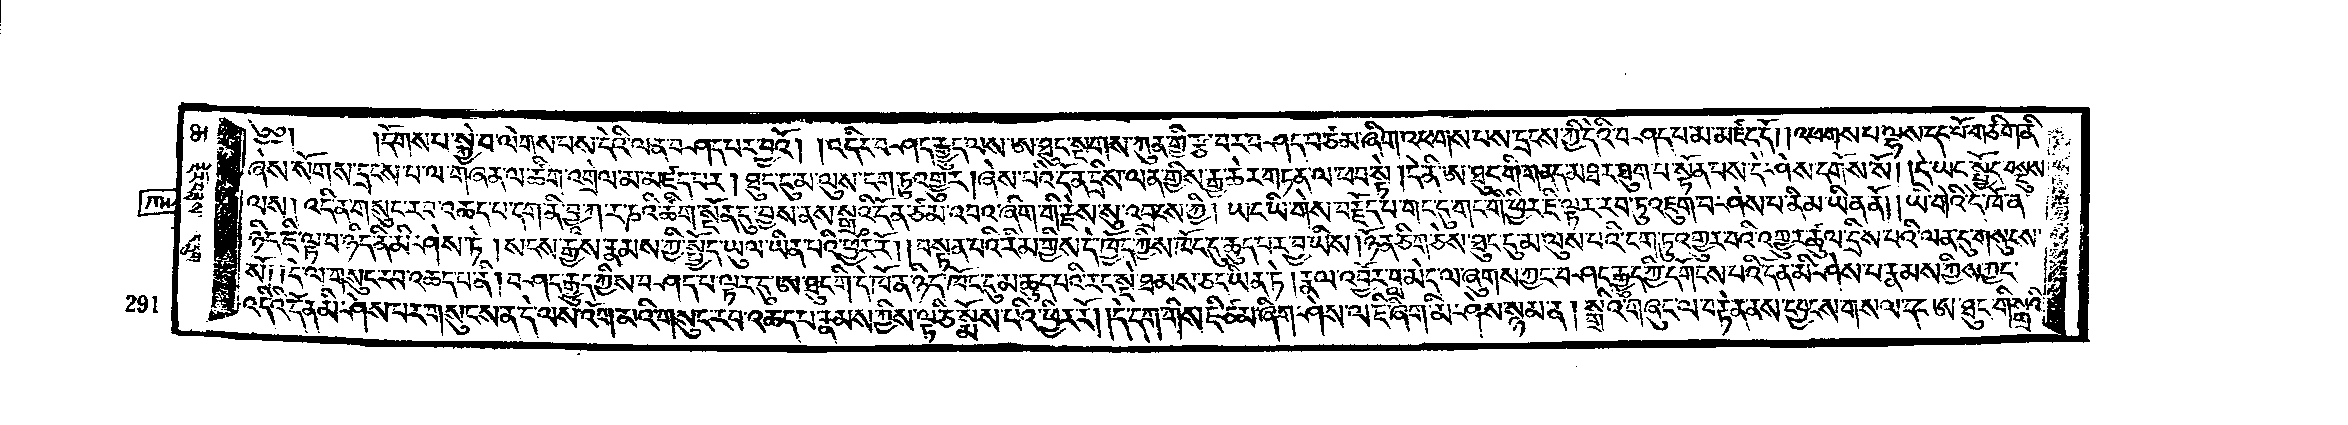༄༅། །དོགས་པ་སྐྱེ་བ་ལེགས་པས་དེའི་ལན་བཤད་པར་བྱའོ། །འདིར་བཤད་རྒྱུད་ལས་ཨ་ཐུང་སྔགས་ཀུན་གྱི་རྩ་བར་བཤད་པ་ཙམ་ཞིག་འཕགས་པས་དྲངས་ཀྱི་དེའི་བཤད་པ་མ་མཛད་དོ། །འཕགས་པ་ལྷས་དང་པོ་གཅིག་ནི་
ཞེས་སོགས་དྲངས་པ་ལ་གཞན་ལ་ཚིག་འགྲེལ་མ་མཛད་པར། ཐུང་དུ་མ་ལུས་ངག་ཏུ་འགྱུར། ཞེས་པའི་དོན་དྲིས་ལན་གྱིས་རྒྱ་ཆེར་གཏན་ལ་ཕབ་སྟེ། དེ་ནི་ཨ་ཐུང་གི་གནད་མཐར་ཐུག་པ་སྟོན་པས་དེ་ཤེས་དགོས་སོ། །དེ་ཡང་སྤྱོད་བསྡུས་
ལས། འདི་ན་གསུང་རབ་འཆད་པ་དག་ནི་བྱཱ་ཀ་ར་ཎའི་ཚིག་སྔོན་དུ་བྱས་ནས་སྒྲའི་དོན་ཙམ་འབའ་ཞིག་གི་རྗེས་སུ་འབྲངས་ཀྱི། ཡང་ཡི་གེས་བརྗོད་པ་གང་དུ་གང་གི་ཕྱིར་ཇི་ལྟར་རབ་ཏུ་འཇུག་པ་ཤེས་པ་ནི་མ་ཡིན་ནོ། །ཡི་གེའི་དེ་ཁོ་ན་
ཉིད་ཇི་ལྟ་བ་ཉིད་ནི་མི་ཤེས་ཏེ། སངས་རྒྱས་རྣམས་ཀྱི་སྤྱོད་ཡུལ་ཡིན་པའི་ཕྱིར་རོ། །བསྟན་པའི་རིམ་གྱིས་དེ་ཁྱོད་ཀྱིས་ཁོང་དུ་ཆུད་པར་བྱ་ཡིས། ཉོན་ཅིག་ཅེས་ཐུང་དུ་མ་ལུས་པའི་ངག་ཏུ་འགྱུར་བའི་འགྱུར་ཚུལ་དྲིས་པའི་ལན་དུ་གསུངས་
སོ། །དེ་ལ་གསུང་རབ་འཆད་པ་ནི། བཤད་རྒྱུད་ཀྱིས་བཤད་པ་ལྟར་དུ་ཨ་ཐུང་གི་དེ་ཁོ་ན་ཉིད་ཁོང་དུ་མ་ཆུད་པའི་རང་སྡེ་ཐམས་ཅད་ཡིན་ཏེ། རྣལ་འབྱོར་བླ་མེད་ལ་ཞུགས་ཀྱང་བཤད་རྒྱུད་ཀྱི་དགོངས་པའི་དོན་མི་ཤེས་པ་རྣམས་ཀྱིས་ཀྱང་
འདིའི་དོན་མི་ཤེས་པར་གསུངས་ན་དེ་ལས་འོག་མའི་གསུང་རབ་འཆད་པ་རྣམས་ཀྱིས་ལྟ་ཅི་སྨོས་པའི་ཕྱིར་རོ། །དེ་དག་གིས་ཇི་ཙམ་ཞིག་ཤེས་ལ་ཇི་ཞིག་མི་ཤེས་སྙམ་ན། སྒྲའི་གཞུང་ལ་བརྟེན་ནས་དབྱངས་གསལ་དང་ཨ་ཐུང་གི་སྒྲའི་
---+---
→ **Action item**: Each line above has to be returned exactly. Drop the pictures.

→ **Task result**:
༄༅། །དོགས་པ་སྐྱེ་བ་ལེགས་པས་དེའི་ལན་བཤད་པར་བྱའོ། །འདིར་བཤད་རྒྱུད་ལས་ཨ་ཐུང་སྔགས་ཀུན་གྱི་རྩ་བར་བཤད་པ་ཙམ་ཞིག་འཕགས་པས་དྲངས་ཀྱི་དེའི་བཤད་པ་མ་མཛད་དོ། །འཕགས་པ་ལྷས་དང་པོ་གཅིག་ནི་
ཞེས་སོགས་དྲངས་པ་ལ་གཞན་ལ་ཚིག་འགྲེལ་མ་མཛད་པར། ཐུང་དུ་མ་ལུས་ངག་ཏུ་འགྱུར། ཞེས་པའི་དོན་དྲིས་ལན་གྱིས་རྒྱ་ཆེར་གཏན་ལ་ཕབ་སྟེ། དེ་ནི་ཨ་ཐུང་གི་གནད་མཐར་ཐུག་པ་སྟོན་པས་དེ་ཤེས་དགོས་སོ། །དེ་ཡང་སྤྱོད་བསྡུས་
ལས། འདི་ན་གསུང་རབ་འཆད་པ་དག་ནི་བྱཱ་ཀ་ར་ཎའི་ཚིག་སྔོན་དུ་བྱས་ནས་སྒྲའི་དོན་ཙམ་འབའ་ཞིག་གི་རྗེས་སུ་འབྲངས་ཀྱི། ཡང་ཡི་གེས་བརྗོད་པ་གང་དུ་གང་གི་ཕྱིར་ཇི་ལྟར་རབ་ཏུ་འཇུག་པ་ཤེས་པ་ནི་མ་ཡིན་ནོ། །ཡི་གེའི་དེ་ཁོ་ན་
ཉིད་ཇི་ལྟ་བ་ཉིད་ནི་མི་ཤེས་ཏེ། སངས་རྒྱས་རྣམས་ཀྱི་སྤྱོད་ཡུལ་ཡིན་པའི་ཕྱིར་རོ། །བསྟན་པའི་རིམ་གྱིས་དེ་ཁྱོད་ཀྱིས་ཁོང་དུ་ཆུད་པར་བྱ་ཡིས། ཉོན་ཅིག་ཅེས་ཐུང་དུ་མ་ལུས་པའི་ངག་ཏུ་འགྱུར་བའི་འགྱུར་ཚུལ་དྲིས་པའི་ལན་དུ་གསུངས་
སོ། །དེ་ལ་གསུང་རབ་འཆད་པ་ནི། བཤད་རྒྱུད་ཀྱིས་བཤད་པ་ལྟར་དུ་ཨ་ཐུང་གི་དེ་ཁོ་ན་ཉིད་ཁོང་དུ་མ་ཆུད་པའི་རང་སྡེ་ཐམས་ཅད་ཡིན་ཏེ། རྣལ་འབྱོར་བླ་མེད་ལ་ཞུགས་ཀྱང་བཤད་རྒྱུད་ཀྱི་དགོངས་པའི་དོན་མི་ཤེས་པ་རྣམས་ཀྱིས་ཀྱང་
འདིའི་དོན་མི་ཤེས་པར་གསུངས་ན་དེ་ལས་འོག་མའི་གསུང་རབ་འཆད་པ་རྣམས་ཀྱིས་ལྟ་ཅི་སྨོས་པའི་ཕྱིར་རོ། །དེ་དག་གིས་ཇི་ཙམ་ཞིག་ཤེས་ལ་ཇི་ཞིག་མི་ཤེས་སྙམ་ན། སྒྲའི་གཞུང་ལ་བརྟེན་ནས་དབྱངས་གསལ་དང་ཨ་ཐུང་གི་སྒྲའི་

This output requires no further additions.